In [23]:
import pandas as pd
import plotly.express as px
from plotly.subplots import make_subplots
%matplotlib inline

## Cost to DAG run duration

In [24]:
filenames = ['prom_data_e2-standard-2.csv' ,'prom_data_e2-standard-4.csv', 'prom_data_n1-standard-4.csv']
machine_cost_conversion = {
    'n1': (3.75, 0.04749975),
    'e2': (4.0, 0.067006)
}

#  wzór kosztu:
#   max{(l. corów / l.exec), (pamięć RAM maszyny / executor_memory * driver_memory)} * (dag_duration / 60) * const_cost

def cost_function(r, machine):
    splitted_machine_type = machine.split('-')
    core_number = int(splitted_machine_type[2])
    # podwojenie liczby corów podwaja koszt
    cost = core_number/2 * machine_cost_conversion[splitted_machine_type[0]][1]
    # ramu 4 razy więcej niż l. corów
    ram_memory = machine_cost_conversion[splitted_machine_type[0]][0] * core_number
    return max(core_number/r['executor_instances'], ram_memory/r['executor_memory'] * r['driver_memory']) * r['dag_duration'] / 60 * cost

for file in filenames:
    data = pd.read_csv(file)
    data['executor_memory'] = data['executor_memory'].str.replace('m', '')
    data['driver_memory'] = data['driver_memory'].str.replace('m', '')
    data['executor_memory'] = pd.to_numeric(data['executor_memory'])
    data['driver_memory'] = pd.to_numeric(data['driver_memory'])

    data['cost'] = 0.0 # new cost column
    machine_type = data['machine_type'][0]
    for index, row in data.iterrows():
        data.at[index, 'cost'] = cost_function(row, machine_type)

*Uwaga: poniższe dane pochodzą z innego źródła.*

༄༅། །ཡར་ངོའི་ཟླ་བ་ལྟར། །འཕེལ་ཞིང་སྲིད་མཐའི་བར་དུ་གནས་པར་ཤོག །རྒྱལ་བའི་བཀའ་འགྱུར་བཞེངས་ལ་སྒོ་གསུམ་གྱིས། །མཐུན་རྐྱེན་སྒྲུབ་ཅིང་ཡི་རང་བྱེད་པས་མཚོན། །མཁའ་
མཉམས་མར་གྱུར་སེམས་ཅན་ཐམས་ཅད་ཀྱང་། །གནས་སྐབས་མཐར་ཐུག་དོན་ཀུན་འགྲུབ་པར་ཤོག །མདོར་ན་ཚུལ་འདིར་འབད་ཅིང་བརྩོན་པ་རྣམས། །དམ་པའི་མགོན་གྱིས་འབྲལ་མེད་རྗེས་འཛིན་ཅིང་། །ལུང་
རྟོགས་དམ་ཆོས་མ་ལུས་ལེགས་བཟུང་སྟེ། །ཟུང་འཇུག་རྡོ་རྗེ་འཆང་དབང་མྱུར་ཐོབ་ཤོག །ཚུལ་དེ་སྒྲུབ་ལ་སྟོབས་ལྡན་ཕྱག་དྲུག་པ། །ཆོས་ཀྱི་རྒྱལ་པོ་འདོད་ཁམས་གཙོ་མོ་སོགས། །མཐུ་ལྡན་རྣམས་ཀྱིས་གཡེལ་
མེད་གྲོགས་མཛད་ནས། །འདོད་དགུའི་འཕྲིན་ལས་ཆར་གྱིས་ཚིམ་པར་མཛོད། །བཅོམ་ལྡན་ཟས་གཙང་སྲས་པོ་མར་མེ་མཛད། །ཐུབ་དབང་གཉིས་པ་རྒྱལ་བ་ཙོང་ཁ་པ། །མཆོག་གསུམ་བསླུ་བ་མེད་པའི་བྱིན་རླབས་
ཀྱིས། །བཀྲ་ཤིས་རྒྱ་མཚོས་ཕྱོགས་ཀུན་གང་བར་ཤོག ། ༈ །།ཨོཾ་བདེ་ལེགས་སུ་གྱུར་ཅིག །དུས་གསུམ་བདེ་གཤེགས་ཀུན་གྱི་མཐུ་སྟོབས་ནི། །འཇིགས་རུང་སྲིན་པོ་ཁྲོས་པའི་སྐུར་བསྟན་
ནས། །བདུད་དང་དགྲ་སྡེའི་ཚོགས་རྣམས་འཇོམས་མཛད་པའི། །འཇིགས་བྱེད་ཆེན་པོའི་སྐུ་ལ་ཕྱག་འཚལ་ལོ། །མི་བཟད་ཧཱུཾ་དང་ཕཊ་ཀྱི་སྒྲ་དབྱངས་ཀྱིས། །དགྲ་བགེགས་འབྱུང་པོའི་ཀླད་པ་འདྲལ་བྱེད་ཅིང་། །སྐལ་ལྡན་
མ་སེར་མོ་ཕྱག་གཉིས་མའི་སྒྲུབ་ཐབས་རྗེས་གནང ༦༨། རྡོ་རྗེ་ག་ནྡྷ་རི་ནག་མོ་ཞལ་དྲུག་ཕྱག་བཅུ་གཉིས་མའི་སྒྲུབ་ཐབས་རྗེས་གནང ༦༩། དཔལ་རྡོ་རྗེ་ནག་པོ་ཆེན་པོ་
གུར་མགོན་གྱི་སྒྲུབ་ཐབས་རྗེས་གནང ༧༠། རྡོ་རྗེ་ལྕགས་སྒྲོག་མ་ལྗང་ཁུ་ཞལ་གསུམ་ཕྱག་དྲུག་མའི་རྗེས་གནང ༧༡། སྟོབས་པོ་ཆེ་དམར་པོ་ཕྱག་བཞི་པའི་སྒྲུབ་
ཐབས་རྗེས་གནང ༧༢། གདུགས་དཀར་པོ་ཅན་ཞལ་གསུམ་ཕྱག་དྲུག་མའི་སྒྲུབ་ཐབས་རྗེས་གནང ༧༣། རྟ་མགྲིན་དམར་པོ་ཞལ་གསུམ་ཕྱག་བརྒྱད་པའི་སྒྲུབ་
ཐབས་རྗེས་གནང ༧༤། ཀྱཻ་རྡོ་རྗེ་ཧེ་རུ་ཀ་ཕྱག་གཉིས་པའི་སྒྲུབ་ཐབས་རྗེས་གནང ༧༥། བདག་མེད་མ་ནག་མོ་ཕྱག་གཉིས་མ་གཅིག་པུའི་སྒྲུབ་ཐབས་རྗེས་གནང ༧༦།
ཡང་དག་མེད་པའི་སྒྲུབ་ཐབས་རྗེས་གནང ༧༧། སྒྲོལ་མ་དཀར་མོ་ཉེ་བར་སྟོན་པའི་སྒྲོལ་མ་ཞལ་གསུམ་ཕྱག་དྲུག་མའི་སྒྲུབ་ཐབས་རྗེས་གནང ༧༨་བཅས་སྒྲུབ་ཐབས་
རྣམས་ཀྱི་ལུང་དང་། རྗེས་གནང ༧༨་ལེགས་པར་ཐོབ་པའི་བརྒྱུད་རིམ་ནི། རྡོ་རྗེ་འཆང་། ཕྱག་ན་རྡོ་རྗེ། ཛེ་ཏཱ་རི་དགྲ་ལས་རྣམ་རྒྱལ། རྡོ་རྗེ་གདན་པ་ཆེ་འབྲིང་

    fig = px.scatter(data, x="cost", y="dag_duration",labels={
                     "cost": "Koszt w [$]",
                     "dag_duration": "Czas trwania w [s]",
                     "executor_instances": "Liczba executorów",
                     "executor_memory": "Pamięć executora w [MB]",
                     "driver_memory": "Pamięć drivera w [MB]"
                 }, color_discrete_map={
                        "success": "green",
                        "failed": "red"},
                    color="status", title=machine_type, hover_data=['executor_instances', 'executor_memory', 'driver_memory'])
    fig.show()